- DATA SUPPLIED:

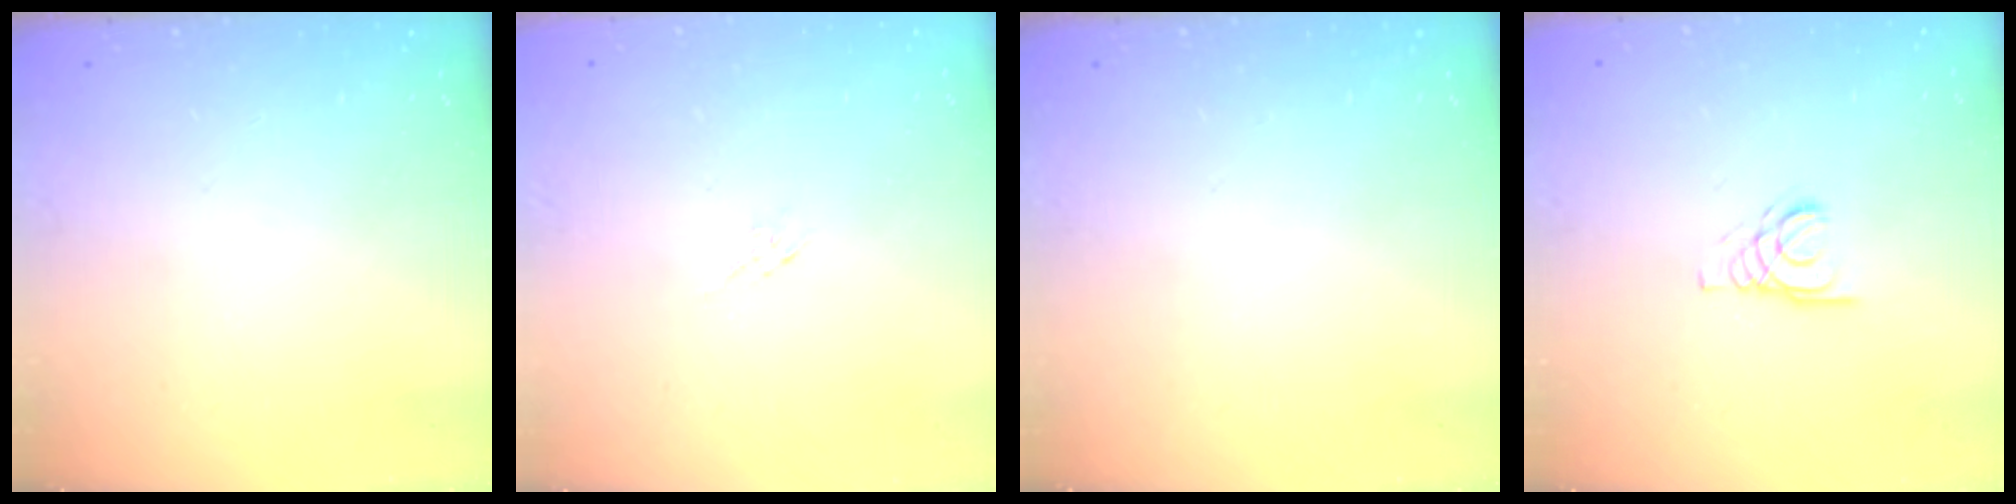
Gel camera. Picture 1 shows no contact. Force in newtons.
{"total": 3.1, "press": 3.0, "slide": 0.7}
{"total": 0.0}
{"total": 2.1, "press": 2.1, "slide": 0.2}
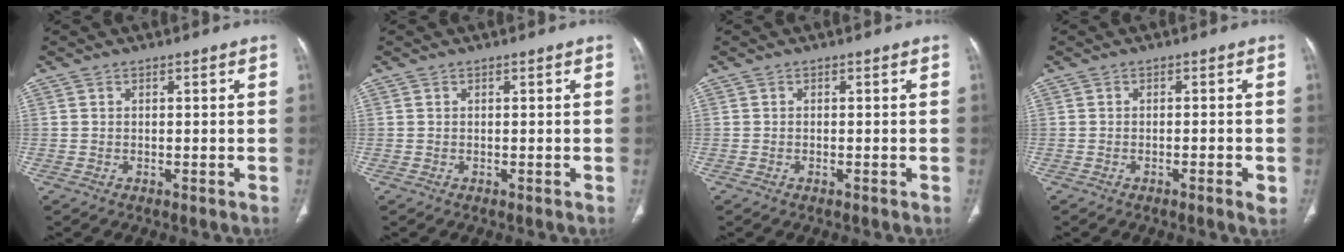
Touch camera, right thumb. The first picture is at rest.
{"total": 0.0}
{"total": 0.5, "force": [-0.3, 0.2, 0.4], "torque": [-0.010, 0.002, -0.005]}
{"total": 2.6, "force": [-1.0, 0.5, 2.3], "torque": [-0.042, -0.001, -0.014]}
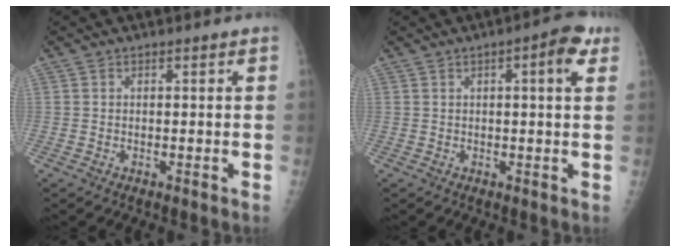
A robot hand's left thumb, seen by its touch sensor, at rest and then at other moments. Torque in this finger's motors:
{"motor_torque": [-0.33, 0.01, -0.21, -0.17, 0.09]}
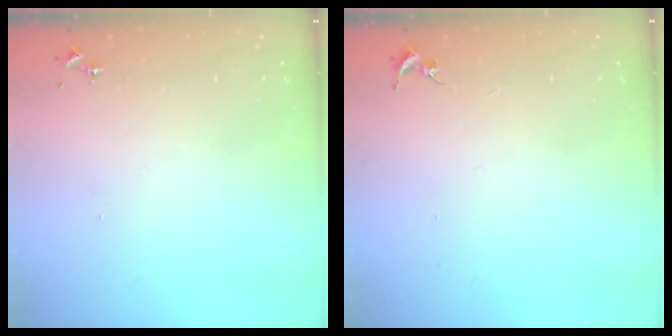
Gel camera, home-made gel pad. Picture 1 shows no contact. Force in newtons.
{"total": 0.0}
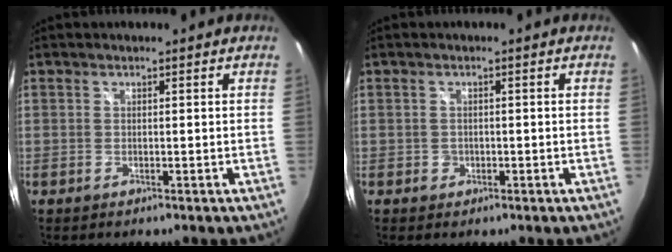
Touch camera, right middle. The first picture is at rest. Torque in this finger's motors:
{"motor_torque": [0.33, -0.38, 0.00, 0.01]}
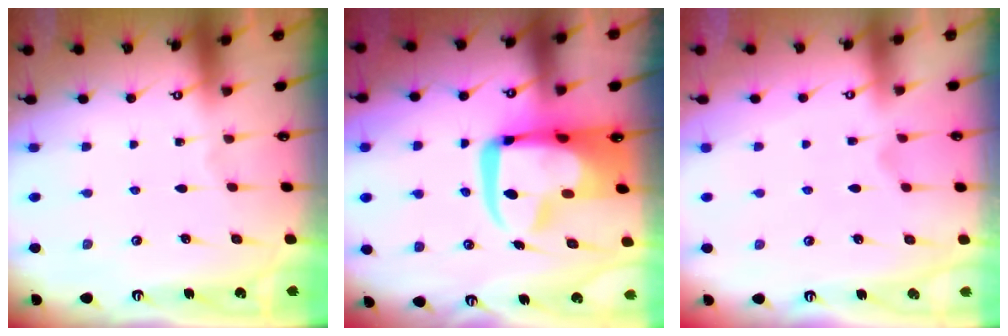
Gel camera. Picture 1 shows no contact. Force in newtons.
{"total": 16.9, "press": 16.7, "slide": 2.7}
{"total": 1.2, "press": 0.3, "slide": 1.1}
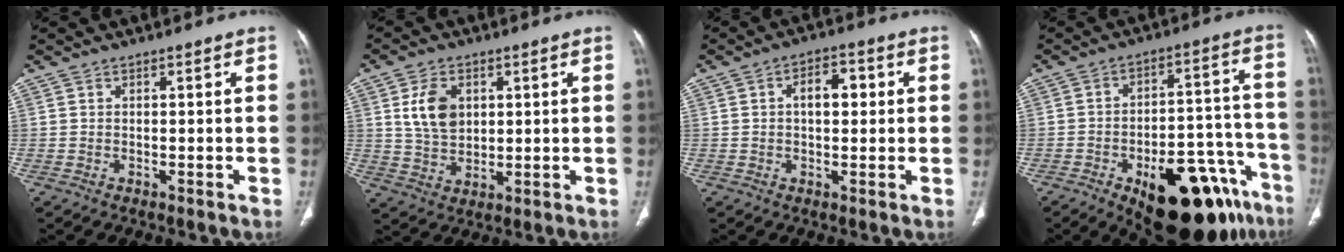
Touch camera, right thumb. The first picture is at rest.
{"total": 8.2, "force": [2.3, 5.6, 5.5], "torque": [-0.083, -0.013, 0.050]}
{"total": 5.8, "force": [0.9, 3.3, 4.6], "torque": [-0.054, 0.013, 0.009]}
{"total": 24.2, "force": [-13.5, 10.5, 17.1], "torque": [-0.152, 0.082, -0.183]}
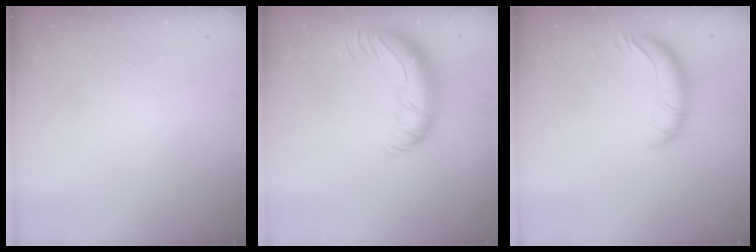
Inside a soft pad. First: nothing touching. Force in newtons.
{"total": 17.9, "press": 17.4, "slide": 3.9}
{"total": 9.9, "press": 9.6, "slide": 2.1}
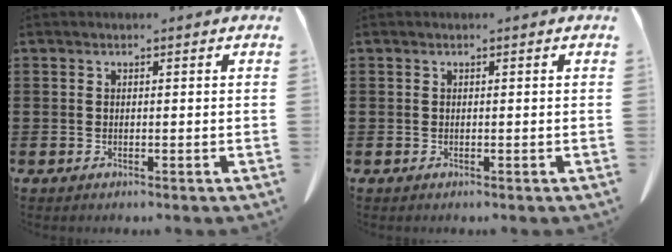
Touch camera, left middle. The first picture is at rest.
{"total": 0.0}
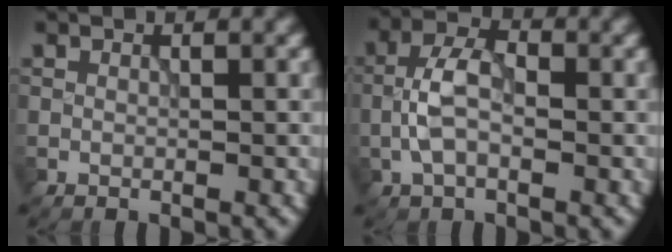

- YOUR TASK: Reproduce, exactly and without pictures, the lines above from the one containing "Touch camera, left" through the last line of the material, both ends included, and nothing more.

- TASK RESPONSE:
Touch camera, left middle. The first picture is at rest.
{"total": 0.0}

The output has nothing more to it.